View PostDrZeus, on 17 June 2010 - 05:33 PM, said:

Hi Lincoln,
I've been searching for an answer to this question for quite a while. As a matter of fact, I have previously addressed it thru this forum some time ago without an acceptable response.

I have 20,000 immaculately edited MP3's that I have legally ripped from my own CD collection. It has taken me 5+ years to rip them, accurately edit each tag and apply MP3gain to every one of those files.
I would like to mirror (back-up) these folders of files to spare drives preserving integrity, perfectly, byte by byte. I have copied these folders in the past using Windows Explorer but, the copy was not without errors. Considering the fact that it would take 4+ months of 24/7 continuous listening to verify each track by ear, the copy MUST BE a PERFECT digital clone of the source file.
How can I accomplish this?

Hi, Doc. That's quite a collection you've got. How many GBs does it take up.

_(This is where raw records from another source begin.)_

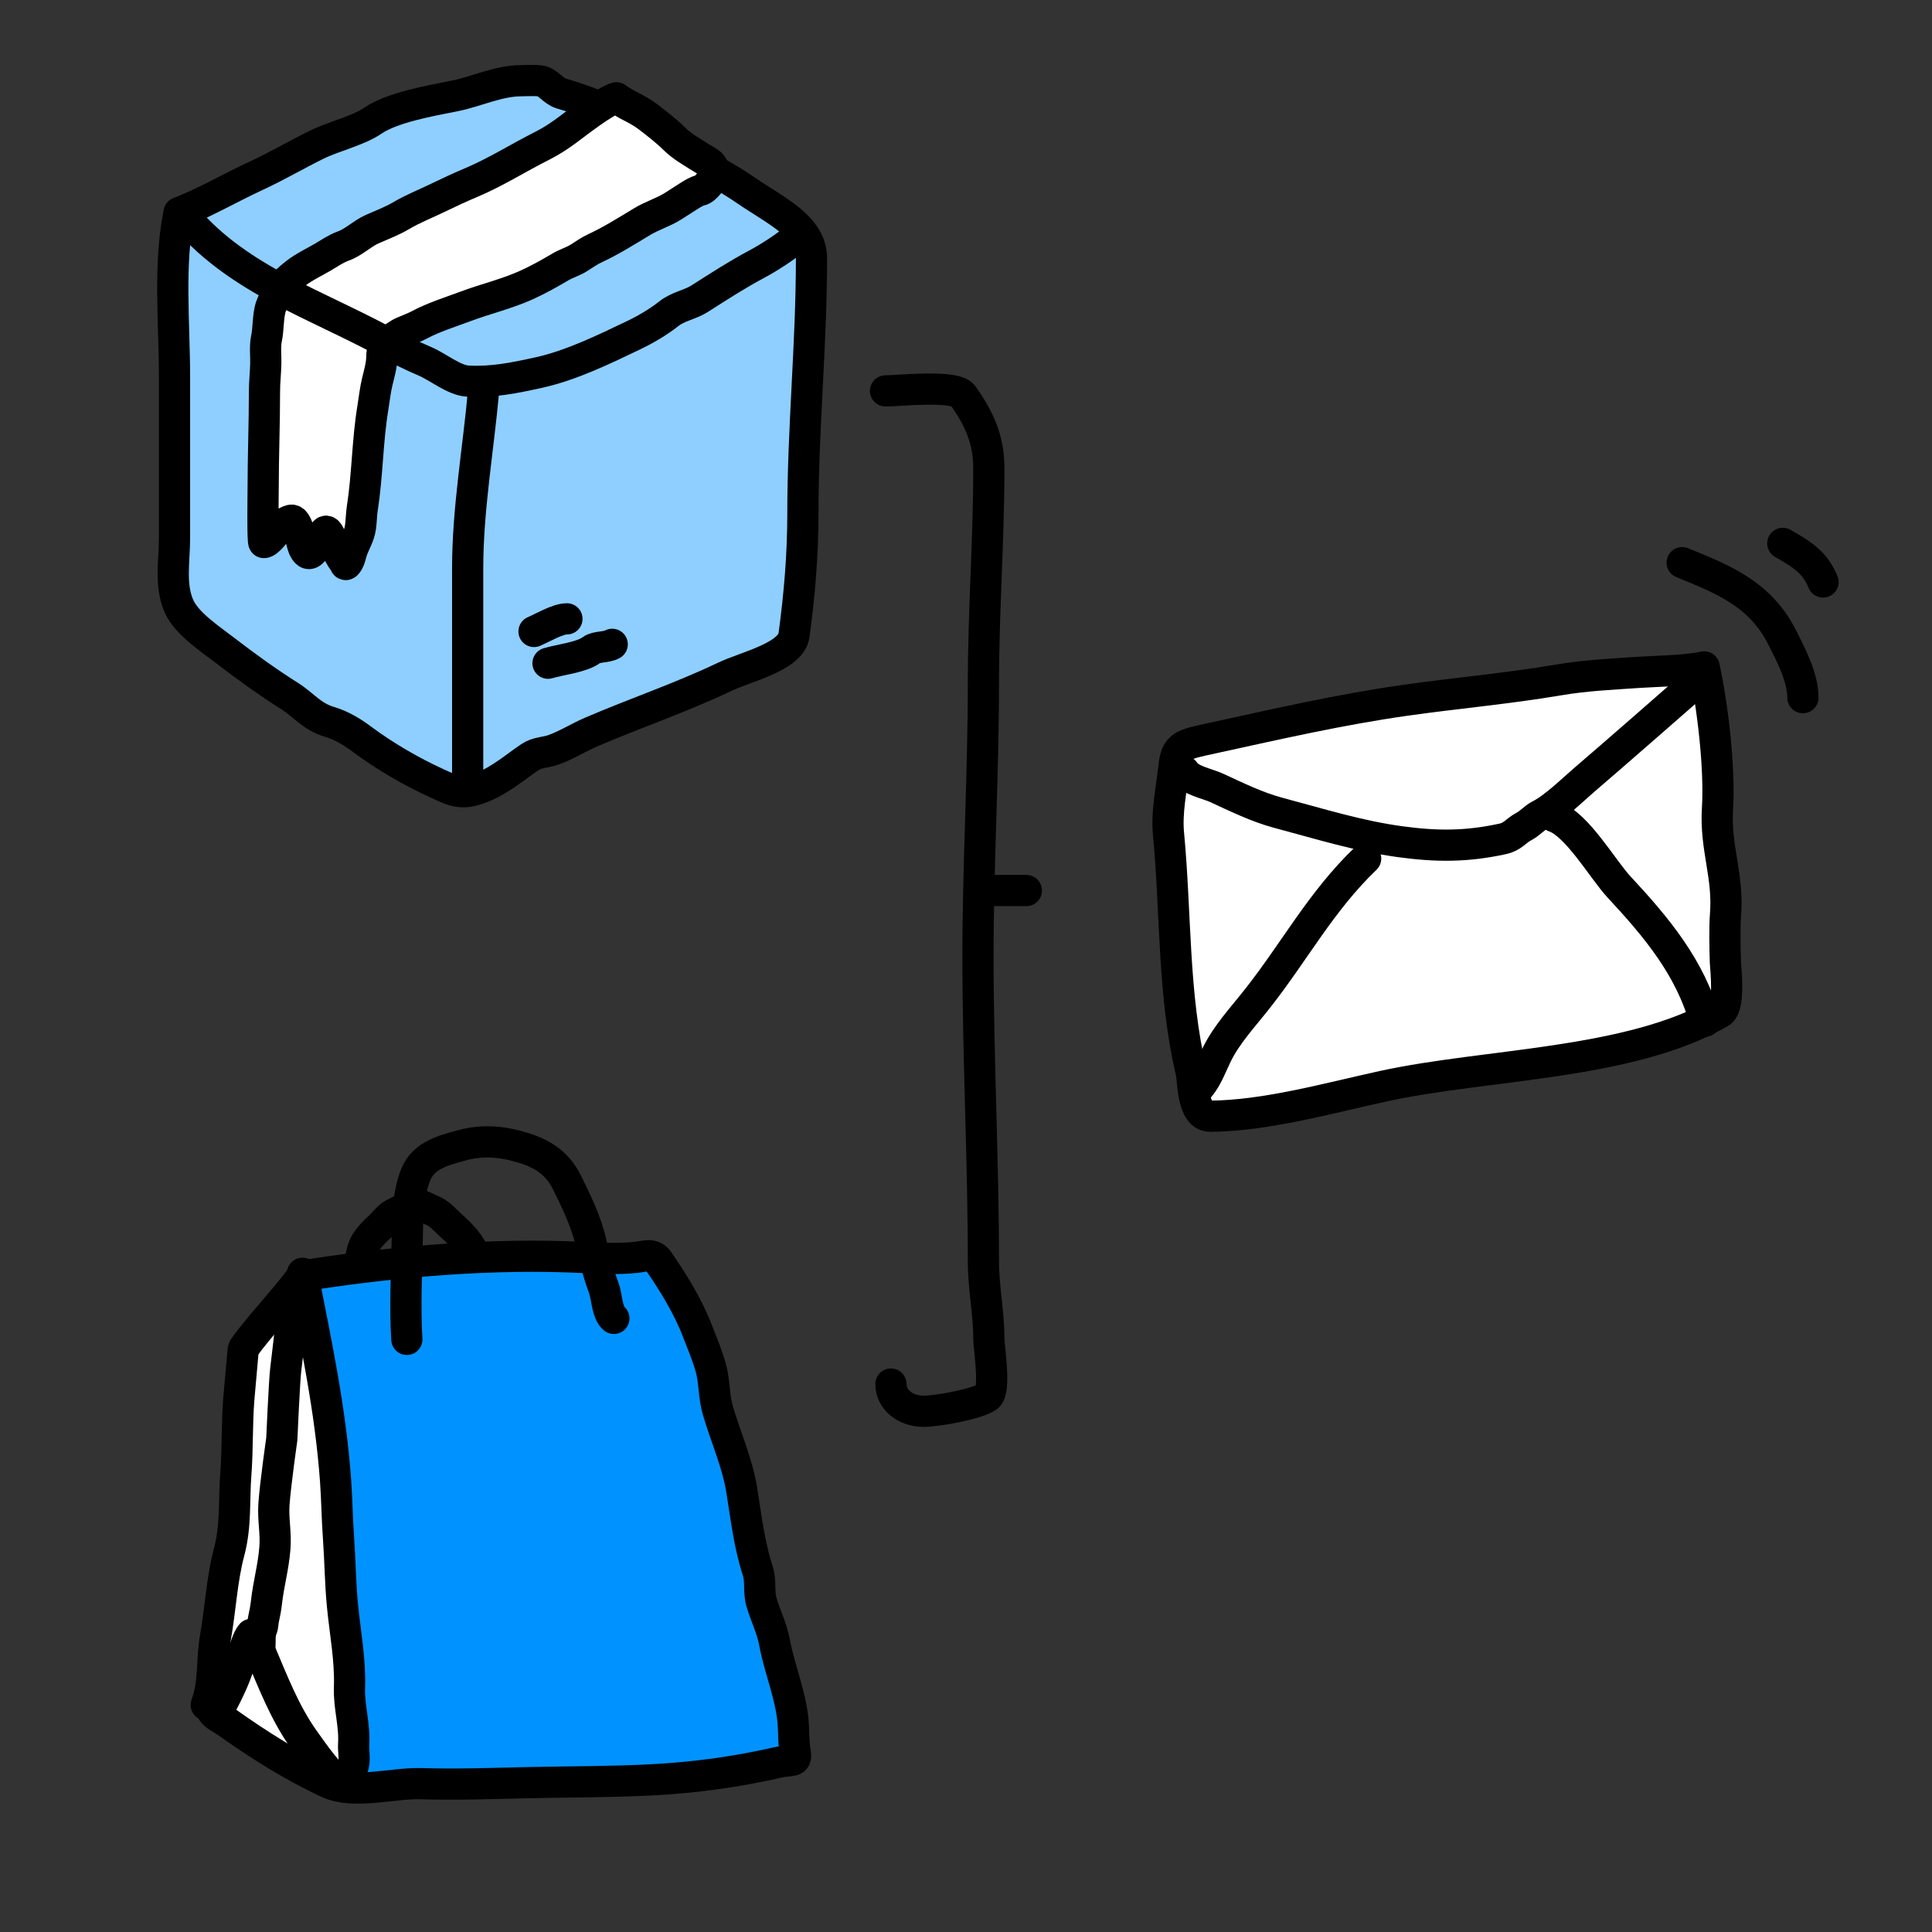 <svg width="96" height="96" viewBox="0 0 96 96" fill="none" xmlns="http://www.w3.org/2000/svg">
<rect x="0" y="0" width="96" height="96" fill="#333333" stroke="none"/>
<path d="M85.341 40.18C85.465 38.173 85.1 35.068 84.678 33.137C83.725 33.345 82.376 33.344 81.445 33.408C80.07 33.502 78.796 33.556 77.426 33.789C74.911 34.216 72.346 34.439 69.82 34.798C66.609 35.255 63.482 35.969 60.301 36.665C58.755 37.003 58.45 37.01 58.328 38.141C58.206 39.274 57.958 40.331 58.064 41.449C58.44 45.41 58.276 49.428 59.194 53.287C59.287 53.675 59.233 55.47 60.128 55.464C62.896 55.446 66.008 54.569 68.713 53.977C73.889 52.846 80.945 52.916 85.471 50.313C85.98 50.02 85.745 48.148 85.734 47.816C85.712 47.175 85.692 46.054 85.739 45.471C85.897 43.503 85.219 42.153 85.341 40.18Z" fill="white" stroke="black" stroke-width="1.55" stroke-linecap="round" stroke-linejoin="round"/>
<path d="M84.534 33.69C82.987 35.043 80.324 37.379 78.668 38.798C78.182 39.215 77.235 40.141 76.525 40.499C76.226 40.65 76.028 40.906 75.734 41.061C75.294 41.292 75.186 41.57 74.664 41.684C72.887 42.072 71.407 42.073 69.578 41.824C67.475 41.537 65.516 40.917 63.507 40.385C62.485 40.114 61.432 39.6 60.474 39.157C59.968 38.922 59.138 38.795 58.846 38.335" stroke="black" stroke-width="1.55" stroke-linecap="round" stroke-linejoin="round"/>
<path d="M84.726 50.742C83.989 48.084 82.326 46.091 80.444 44.068C79.656 43.221 78.364 40.968 77.229 40.579" stroke="black" stroke-width="1.55" stroke-linecap="round" stroke-linejoin="round"/>
<path d="M67.859 42.661C65.633 44.798 64.351 47.249 62.471 49.633C61.761 50.535 60.96 51.388 60.466 52.39C60.185 52.96 59.998 53.519 59.618 53.984" stroke="black" stroke-width="1.55" stroke-linecap="round" stroke-linejoin="round"/>
<path d="M44 19.424C44.635 19.424 47.463 19.11 47.844 19.649C48.657 20.802 49.135 21.832 49.135 23.267C49.135 26.826 48.865 30.415 48.865 33.946C48.865 38.49 48.595 42.978 48.595 47.504C48.595 52.584 48.865 57.647 48.865 62.689C48.865 63.983 49.135 65.217 49.135 66.507C49.135 66.949 49.489 69.089 49.075 69.399C48.603 69.753 46.614 70.125 45.892 70.125C44.962 70.125 44.27 69.53 44.27 68.773" stroke="black" stroke-width="1.55" stroke-linecap="round" stroke-linejoin="round"/>
<path d="M49 44.25C49.667 44.25 50.333 44.25 51 44.25" stroke="black" stroke-width="1.55" stroke-linecap="round" stroke-linejoin="round"/>
<path d="M8.671 18.699C8.671 16.082 8.371 13.154 8.897 10.563C10.07 10.126 11.486 9.307 12.687 8.753C13.731 8.272 14.687 7.71 15.705 7.205C16.585 6.768 17.771 6.512 18.533 5.993C19.479 5.346 21.366 5.008 22.572 4.771C23.645 4.561 24.766 4.011 25.887 4.011C26.195 4.011 26.534 3.982 26.838 4.019C27.233 4.069 27.476 4.526 27.895 4.648C29.07 4.988 30.556 5.549 31.507 6.205C33.217 7.384 35.336 8.271 37.068 9.461C38.555 10.484 40.323 11.254 40.323 12.85C40.323 17.089 39.895 21.279 39.895 25.529C39.895 27.572 39.727 29.534 39.456 31.555C39.311 32.636 37.055 33.129 35.998 33.635C33.855 34.66 31.561 35.434 29.369 36.377C28.749 36.644 28.127 37.038 27.491 37.262C27.086 37.405 26.701 37.371 26.327 37.625C25.595 38.121 24.866 38.758 23.962 39.12C22.928 39.535 22.549 39.304 21.717 38.926C20.432 38.341 19.095 37.557 18.022 36.758C17.537 36.397 17.015 36.06 16.358 35.864C15.492 35.606 15.084 35.023 14.398 34.59C13.26 33.871 12.266 33.149 11.237 32.36C10.422 31.735 9.28 30.986 8.897 30.131C8.429 29.087 8.671 27.852 8.671 26.768V18.699Z" fill="#8ECFFF" stroke="black" stroke-width="1.55" stroke-linecap="round" stroke-linejoin="round"/>
<path d="M24.031 19.393C23.766 22.347 23.238 25.282 23.238 28.255C23.238 29.757 23.238 31.259 23.238 32.762C23.238 34.939 23.238 37.117 23.238 39.294" stroke="black" stroke-width="1.55" stroke-linecap="round" stroke-linejoin="round"/>
<path d="M26.535 31.378C26.953 31.202 27.7 30.75 28.171 30.75" stroke="black" stroke-width="1.55" stroke-linecap="round" stroke-linejoin="round"/>
<path d="M27.23 32.956C27.81 32.776 28.892 32.672 29.398 32.295C29.64 32.114 30.131 32.182 30.421 32.016" stroke="black" stroke-width="1.55" stroke-linecap="round" stroke-linejoin="round"/>
<path d="M24.82 62.434L15.273 63.361L16.627 72.922L17.362 83.315L17.54 88.972L25.171 88.654L36.832 87.991L39.512 87.329L36.305 72.353L35.61 68.63L35.121 67.115L32.742 62.758L32.261 62.576L24.82 62.434Z" fill="#0093FF"/>
<path d="M14.844 63.731L12.032 67.197L11.84 75.111L11.143 78.841L10.41 84.688L12.437 86.516L16.338 88.519L17.635 88.742L17.268 83.545L16.576 72.37L15.376 64.464L14.844 63.731Z" fill="white"/>
<path d="M15.514 63.321C19.95 62.652 24.512 62.265 28.998 62.483C29.862 62.526 30.762 62.569 31.622 62.476C32.058 62.429 32.432 62.254 32.709 62.651C33.452 63.718 34.204 64.948 34.663 66.155C34.893 66.759 35.146 67.337 35.318 67.96C35.512 68.659 35.465 69.388 35.667 70.077C36.049 71.38 36.636 72.682 36.854 74.024C37.08 75.419 37.217 76.706 37.654 78.061C37.817 78.567 37.687 79.1 37.839 79.618C38.035 80.283 38.357 80.913 38.483 81.597C38.736 82.979 39.349 84.346 39.421 85.75C39.444 86.182 39.436 86.653 39.514 87.079C39.611 87.609 39.31 87.425 38.691 87.566C36.553 88.052 34.561 88.325 32.363 88.44C30.285 88.548 28.229 88.534 26.151 88.581C24.383 88.622 22.67 88.683 20.897 88.629C19.546 88.588 17.584 89.169 16.318 88.589C14.575 87.791 12.808 86.668 11.256 85.565C10.876 85.294 10.474 85.202 10.471 84.728" stroke="black" stroke-width="1.55" stroke-linecap="round" stroke-linejoin="round"/>
<path d="M15.031 63.27C15.711 66.741 16.421 70.046 16.675 73.578C16.742 74.51 16.75 75.445 16.818 76.377C16.9 77.51 16.907 78.647 17.017 79.777C17.151 81.16 17.414 82.471 17.366 83.863C17.334 84.809 17.633 85.71 17.572 86.657C17.548 87.034 17.67 87.47 17.521 87.834" stroke="black" stroke-width="1.55" stroke-linecap="round" stroke-linejoin="round"/>
<path d="M10.246 84.719C10.659 83.641 10.505 82.487 10.704 81.372C10.957 79.952 11.017 78.498 11.389 77.101C11.735 75.804 11.617 74.572 11.718 73.258C11.813 72.008 11.767 70.752 11.868 69.501C11.934 68.695 12.016 67.892 12.082 67.085" stroke="black" stroke-width="1.55" stroke-linecap="round" stroke-linejoin="round"/>
<path d="M10.84 84.998C11.161 84.418 11.454 83.848 11.693 83.232C11.898 82.704 12.055 82.16 12.264 81.634C12.322 81.488 12.384 81.336 12.484 81.211C12.505 81.184 12.91 82.031 12.935 82.091C13.558 83.565 14.151 85.103 15.085 86.423C15.69 87.277 16.266 88.097 17.061 88.791" stroke="black" stroke-width="1.55" stroke-linecap="round" stroke-linejoin="round"/>
<path d="M14.452 65.852C14.452 65.852 14.262 67.572 14.197 68.062C14.133 68.549 14.002 71.512 14.002 71.512C14.002 71.512 13.683 73.732 13.613 74.741C13.56 75.509 13.719 76.14 13.661 76.907C13.588 77.859 13.348 78.672 13.241 79.617C13.209 79.899 13.159 80.17 13.096 80.446C13.06 80.603 13.068 80.789 13.007 80.937C12.89 81.222 12.935 81.49 12.916 81.778" stroke="black" stroke-width="1.55" stroke-linecap="round" stroke-linejoin="round"/>
<path d="M14.938 63.501C14.282 64.431 12.771 66.029 12.127 66.966" stroke="black" stroke-width="1.55" stroke-linecap="round" stroke-linejoin="round"/>
<path d="M20.216 66.554C20.119 64.966 20.2 63.354 20.231 61.759C20.252 60.68 20.241 59.383 20.662 58.356C21.055 57.398 22.048 57.158 22.948 56.91C24.037 56.61 25.073 56.733 26.114 57.071C27.035 57.369 27.724 57.86 28.157 58.726C28.636 59.682 29.156 60.765 29.383 61.818C29.543 62.558 29.738 63.292 30.002 63.998C30.158 64.416 30.157 65.224 30.504 65.51" stroke="black" stroke-width="1.55" stroke-linecap="round" stroke-linejoin="round"/>
<path d="M23.517 62.225C23.238 61.659 22.82 61.262 22.384 60.868C22.078 60.591 21.823 60.276 21.439 60.132C21.151 60.023 20.949 59.826 20.597 59.887C20.269 59.944 19.867 60.161 19.557 60.324C19.266 60.477 19.084 60.777 18.829 61C18.61 61.192 18.388 61.428 18.215 61.683C17.936 62.095 17.976 62.518 17.788 62.977" stroke="black" stroke-width="1.55" stroke-linecap="round" stroke-linejoin="round"/>
<path d="M83.586 27.958C85.627 28.792 87.464 29.505 88.561 31.685C88.999 32.556 89.586 33.663 89.586 34.667" stroke="black" stroke-width="1.55" stroke-linecap="round" stroke-linejoin="round"/>
<path d="M88.586 27C89.561 27.558 90.177 27.938 90.586 28.917" stroke="black" stroke-width="1.55" stroke-linecap="round" stroke-linejoin="round"/>
<path d="M28.169 6.475C28.711 6.075 29.992 5.061 30.628 4.859C31.105 5.218 31.683 5.411 32.171 5.784L32.181 5.791C32.658 6.157 33.092 6.488 33.525 6.913C33.911 7.293 34.41 7.564 34.856 7.849C35.185 8.059 35.501 8.141 35.475 8.61C35.461 8.868 35.062 9.412 34.791 9.461C34.623 9.492 34.353 9.663 34.194 9.765C33.936 9.93 33.69 10.092 33.43 10.254C32.962 10.546 32.385 10.724 31.909 11.011C31.142 11.474 30.367 11.964 29.559 12.338C29.315 12.451 29.027 12.641 28.798 12.792L28.787 12.799C28.481 13 28.152 13.082 27.841 13.267C27.29 13.593 26.73 13.906 26.146 14.169C25.167 14.61 24.149 14.844 23.148 15.218C22.377 15.507 21.571 15.753 20.837 16.143C20.589 16.275 20.274 16.392 20.018 16.502C19.805 16.593 19.634 16.751 19.429 16.849C19.104 17.003 18.971 17.382 18.971 17.759C18.971 18.135 18.834 18.6 18.745 18.969C18.643 19.393 18.598 19.84 18.527 20.27C18.255 21.911 18.261 23.603 18.003 25.256C17.953 25.576 17.957 25.901 17.908 26.221C17.845 26.635 17.634 26.958 17.497 27.34C17.422 27.55 17.391 27.808 17.253 27.99C17.14 28.14 17.153 27.986 17.097 27.917C16.892 27.665 16.779 27.348 16.584 27.084C16.501 26.972 16.328 26.237 16.14 26.426C15.975 26.592 15.856 26.928 15.729 27.135C15.47 27.555 15.283 27.671 15.077 27.201C14.965 26.945 14.811 25.895 14.517 25.848C14.334 25.819 13.887 26.168 13.797 26.294C13.684 26.452 13.315 26.959 13.113 26.959C13.038 26.959 13.076 24.497 13.076 24.298C13.076 22.684 13.142 21.06 13.142 19.451C13.142 18.984 13.197 18.526 13.207 18.062C13.216 17.658 13.158 17.228 13.24 16.83C13.334 16.379 13.312 15.914 13.404 15.456C13.463 15.158 13.563 14.993 13.702 14.729C13.988 14.184 14.258 13.919 14.743 13.548C15.125 13.255 15.598 13.034 16.016 12.791C16.346 12.6 16.691 12.355 17.049 12.228C17.576 12.043 17.983 11.614 18.49 11.388C18.969 11.174 19.481 10.985 19.928 10.719C20.488 10.385 21.166 10.116 21.754 9.83C22.298 9.566 22.86 9.305 23.417 9.07C24.642 8.553 25.77 7.833 26.953 7.239C27.378 7.026 27.782 6.76 28.169 6.475Z" fill="white" stroke="black" stroke-width="1.55" stroke-linecap="round" stroke-linejoin="round"/>
<path d="M9.289 10.885C11.892 13.893 15.702 15.127 19.153 16.996C19.774 17.332 20.471 17.682 21.125 17.958C21.734 18.215 22.566 18.901 23.239 18.937C24.48 19.003 25.559 18.779 26.762 18.515C28.369 18.162 29.996 17.37 31.482 16.658C32.062 16.381 32.731 15.99 33.226 15.595C33.701 15.215 34.272 15.158 34.776 14.835C35.702 14.244 36.625 13.646 37.594 13.13C38.152 12.834 39.114 12.232 39.567 11.797" stroke="black" stroke-width="1.55" stroke-linecap="round" stroke-linejoin="round"/>
</svg>

I'd recommend a multi-prong approach:

1) Keep them on your internal hard drive.

2) Make your Music folder part of your regular, daily backup routine, so that it's backed up regularly.

3) Get an MP3 player with a large enough capacity to fit all of your music, and transfer all of it to that.

4) Burn it to DVDs--as data, not as audio. In other words, copy of the files. Use the more expensive, gold-backed Archival DVDs. Store them properly--upright, in a cool, dry location.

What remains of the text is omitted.